▸ **Required action**
Return each line below holding the string "moved".

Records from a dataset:
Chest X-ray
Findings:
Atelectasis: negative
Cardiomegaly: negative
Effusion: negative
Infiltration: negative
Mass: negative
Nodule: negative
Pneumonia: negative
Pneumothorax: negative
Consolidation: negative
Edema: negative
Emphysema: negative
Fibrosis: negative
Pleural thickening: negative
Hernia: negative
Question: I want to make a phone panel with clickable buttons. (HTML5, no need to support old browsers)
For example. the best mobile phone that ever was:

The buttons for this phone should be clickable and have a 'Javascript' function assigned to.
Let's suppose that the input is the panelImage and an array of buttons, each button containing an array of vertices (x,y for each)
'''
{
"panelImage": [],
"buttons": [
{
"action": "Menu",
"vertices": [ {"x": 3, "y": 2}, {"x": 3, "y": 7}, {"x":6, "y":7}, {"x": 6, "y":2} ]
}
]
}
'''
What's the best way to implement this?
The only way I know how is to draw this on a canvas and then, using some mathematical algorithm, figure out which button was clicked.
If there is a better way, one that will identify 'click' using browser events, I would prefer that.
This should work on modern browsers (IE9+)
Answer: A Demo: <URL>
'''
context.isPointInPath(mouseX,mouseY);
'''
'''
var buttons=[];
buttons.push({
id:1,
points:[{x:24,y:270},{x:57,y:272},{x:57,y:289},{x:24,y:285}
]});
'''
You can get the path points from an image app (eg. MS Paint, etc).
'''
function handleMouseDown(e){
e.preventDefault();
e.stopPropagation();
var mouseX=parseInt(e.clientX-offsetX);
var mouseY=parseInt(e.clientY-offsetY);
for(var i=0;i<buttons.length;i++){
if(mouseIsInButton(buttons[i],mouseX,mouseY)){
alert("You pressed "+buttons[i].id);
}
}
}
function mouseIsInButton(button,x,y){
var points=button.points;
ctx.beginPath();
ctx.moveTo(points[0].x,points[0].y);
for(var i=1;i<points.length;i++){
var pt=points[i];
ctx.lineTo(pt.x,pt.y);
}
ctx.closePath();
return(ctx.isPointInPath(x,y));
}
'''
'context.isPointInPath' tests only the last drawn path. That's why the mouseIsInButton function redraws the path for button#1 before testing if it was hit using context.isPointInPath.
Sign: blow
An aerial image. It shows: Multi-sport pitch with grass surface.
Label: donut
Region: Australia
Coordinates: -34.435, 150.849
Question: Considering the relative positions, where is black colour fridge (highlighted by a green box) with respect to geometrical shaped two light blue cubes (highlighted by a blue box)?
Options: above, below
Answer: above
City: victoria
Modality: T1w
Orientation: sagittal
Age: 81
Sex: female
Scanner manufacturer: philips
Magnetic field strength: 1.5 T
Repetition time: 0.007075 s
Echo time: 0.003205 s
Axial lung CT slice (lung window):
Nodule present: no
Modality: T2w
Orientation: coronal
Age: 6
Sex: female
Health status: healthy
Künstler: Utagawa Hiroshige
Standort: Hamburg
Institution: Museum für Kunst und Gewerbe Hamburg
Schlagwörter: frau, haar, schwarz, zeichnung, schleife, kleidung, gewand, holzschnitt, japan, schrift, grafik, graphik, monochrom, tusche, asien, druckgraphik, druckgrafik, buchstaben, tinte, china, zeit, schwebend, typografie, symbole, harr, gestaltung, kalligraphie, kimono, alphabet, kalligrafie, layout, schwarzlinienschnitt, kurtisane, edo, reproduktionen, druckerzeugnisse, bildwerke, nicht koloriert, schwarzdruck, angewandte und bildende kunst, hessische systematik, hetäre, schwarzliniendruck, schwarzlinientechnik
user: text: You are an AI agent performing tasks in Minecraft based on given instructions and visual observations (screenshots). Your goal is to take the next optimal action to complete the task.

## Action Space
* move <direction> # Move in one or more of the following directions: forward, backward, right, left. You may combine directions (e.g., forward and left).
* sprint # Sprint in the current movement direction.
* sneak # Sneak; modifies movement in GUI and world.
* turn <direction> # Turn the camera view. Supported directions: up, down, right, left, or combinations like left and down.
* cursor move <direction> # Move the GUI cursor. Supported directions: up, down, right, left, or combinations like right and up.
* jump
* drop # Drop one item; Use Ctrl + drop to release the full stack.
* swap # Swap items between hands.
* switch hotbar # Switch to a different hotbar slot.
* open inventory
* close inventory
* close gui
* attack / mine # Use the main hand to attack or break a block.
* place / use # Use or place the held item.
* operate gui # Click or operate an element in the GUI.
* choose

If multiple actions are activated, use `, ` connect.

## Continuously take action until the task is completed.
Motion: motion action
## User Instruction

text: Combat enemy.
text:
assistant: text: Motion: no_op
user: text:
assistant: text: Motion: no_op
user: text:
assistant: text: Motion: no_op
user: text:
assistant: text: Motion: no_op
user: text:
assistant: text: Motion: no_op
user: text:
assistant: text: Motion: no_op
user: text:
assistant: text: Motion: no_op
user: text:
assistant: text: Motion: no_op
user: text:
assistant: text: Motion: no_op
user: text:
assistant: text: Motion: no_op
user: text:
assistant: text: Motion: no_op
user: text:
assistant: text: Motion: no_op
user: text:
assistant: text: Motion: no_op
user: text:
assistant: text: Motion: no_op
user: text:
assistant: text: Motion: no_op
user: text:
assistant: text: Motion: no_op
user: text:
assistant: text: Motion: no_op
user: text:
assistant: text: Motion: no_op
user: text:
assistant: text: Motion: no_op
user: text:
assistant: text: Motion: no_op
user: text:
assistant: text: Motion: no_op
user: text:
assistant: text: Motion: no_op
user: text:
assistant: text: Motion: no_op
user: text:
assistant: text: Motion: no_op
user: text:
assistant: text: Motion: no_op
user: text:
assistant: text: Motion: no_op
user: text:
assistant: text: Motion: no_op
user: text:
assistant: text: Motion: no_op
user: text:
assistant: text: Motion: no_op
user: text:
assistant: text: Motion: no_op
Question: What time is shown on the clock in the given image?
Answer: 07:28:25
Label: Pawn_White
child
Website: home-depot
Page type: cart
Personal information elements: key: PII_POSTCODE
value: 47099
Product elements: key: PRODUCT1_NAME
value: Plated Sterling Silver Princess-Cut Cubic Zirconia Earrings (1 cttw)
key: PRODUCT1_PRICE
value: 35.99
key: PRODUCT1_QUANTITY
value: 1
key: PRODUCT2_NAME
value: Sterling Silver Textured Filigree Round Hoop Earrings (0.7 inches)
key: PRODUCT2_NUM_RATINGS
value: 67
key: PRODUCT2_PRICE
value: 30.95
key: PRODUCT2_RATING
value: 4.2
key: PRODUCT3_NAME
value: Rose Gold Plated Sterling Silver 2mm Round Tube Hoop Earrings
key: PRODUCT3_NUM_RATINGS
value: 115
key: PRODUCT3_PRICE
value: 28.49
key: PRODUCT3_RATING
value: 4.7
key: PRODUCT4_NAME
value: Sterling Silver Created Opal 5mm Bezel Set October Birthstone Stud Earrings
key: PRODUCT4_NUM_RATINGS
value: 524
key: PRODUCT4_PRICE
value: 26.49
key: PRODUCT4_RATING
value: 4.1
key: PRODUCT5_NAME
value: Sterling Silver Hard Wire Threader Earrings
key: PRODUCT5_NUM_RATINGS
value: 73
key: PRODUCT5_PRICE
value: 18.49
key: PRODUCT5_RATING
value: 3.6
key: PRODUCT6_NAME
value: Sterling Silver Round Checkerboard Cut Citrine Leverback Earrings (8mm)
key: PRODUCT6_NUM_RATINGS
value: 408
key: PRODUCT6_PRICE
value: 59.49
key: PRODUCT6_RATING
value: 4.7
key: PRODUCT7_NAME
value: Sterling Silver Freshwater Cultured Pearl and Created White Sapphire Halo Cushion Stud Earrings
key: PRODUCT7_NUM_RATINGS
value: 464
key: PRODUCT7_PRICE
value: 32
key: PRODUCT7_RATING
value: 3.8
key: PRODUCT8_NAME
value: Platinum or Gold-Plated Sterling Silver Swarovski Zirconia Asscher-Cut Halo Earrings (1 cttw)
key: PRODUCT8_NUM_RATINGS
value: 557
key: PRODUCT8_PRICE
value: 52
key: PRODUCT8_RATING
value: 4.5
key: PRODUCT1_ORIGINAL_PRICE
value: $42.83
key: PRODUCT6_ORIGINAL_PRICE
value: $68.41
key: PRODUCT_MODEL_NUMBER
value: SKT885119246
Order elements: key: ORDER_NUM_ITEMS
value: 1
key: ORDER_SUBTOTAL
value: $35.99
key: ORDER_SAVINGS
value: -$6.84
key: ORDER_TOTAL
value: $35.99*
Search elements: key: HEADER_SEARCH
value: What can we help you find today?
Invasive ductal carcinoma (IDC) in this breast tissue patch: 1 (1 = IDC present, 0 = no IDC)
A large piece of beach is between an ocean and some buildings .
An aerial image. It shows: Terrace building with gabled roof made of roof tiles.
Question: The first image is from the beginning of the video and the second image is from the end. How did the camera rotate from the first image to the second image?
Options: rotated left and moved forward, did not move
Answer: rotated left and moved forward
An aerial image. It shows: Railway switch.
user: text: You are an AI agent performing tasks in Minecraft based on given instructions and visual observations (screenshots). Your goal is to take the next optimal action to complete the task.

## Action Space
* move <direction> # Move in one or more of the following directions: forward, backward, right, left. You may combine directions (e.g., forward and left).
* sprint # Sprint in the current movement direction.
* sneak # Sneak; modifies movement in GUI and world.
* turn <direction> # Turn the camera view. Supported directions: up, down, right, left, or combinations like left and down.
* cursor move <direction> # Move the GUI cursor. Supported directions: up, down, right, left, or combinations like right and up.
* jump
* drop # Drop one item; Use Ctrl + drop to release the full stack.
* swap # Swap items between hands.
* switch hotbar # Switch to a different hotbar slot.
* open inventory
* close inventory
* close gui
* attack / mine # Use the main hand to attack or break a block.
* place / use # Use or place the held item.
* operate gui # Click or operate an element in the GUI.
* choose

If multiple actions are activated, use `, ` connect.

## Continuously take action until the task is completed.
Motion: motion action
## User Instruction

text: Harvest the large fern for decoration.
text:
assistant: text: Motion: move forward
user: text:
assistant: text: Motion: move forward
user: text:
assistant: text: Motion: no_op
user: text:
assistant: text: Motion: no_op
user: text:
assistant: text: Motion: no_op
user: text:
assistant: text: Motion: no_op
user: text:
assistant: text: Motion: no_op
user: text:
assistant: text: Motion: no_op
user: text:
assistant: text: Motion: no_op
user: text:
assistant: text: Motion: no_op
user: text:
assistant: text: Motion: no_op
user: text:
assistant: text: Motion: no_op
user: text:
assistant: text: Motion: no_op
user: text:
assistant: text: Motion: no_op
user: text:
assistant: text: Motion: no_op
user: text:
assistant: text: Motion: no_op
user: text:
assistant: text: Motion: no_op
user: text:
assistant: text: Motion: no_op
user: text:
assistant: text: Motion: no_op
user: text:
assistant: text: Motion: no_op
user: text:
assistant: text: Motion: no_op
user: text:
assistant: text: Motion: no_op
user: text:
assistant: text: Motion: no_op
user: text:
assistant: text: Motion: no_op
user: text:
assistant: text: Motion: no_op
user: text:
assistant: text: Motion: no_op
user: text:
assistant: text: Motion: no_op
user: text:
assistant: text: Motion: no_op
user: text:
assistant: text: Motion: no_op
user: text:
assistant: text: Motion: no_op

▸ **Written solution**
Options: rotated left and moved forward, did not move
Answer: rotated left and moved forward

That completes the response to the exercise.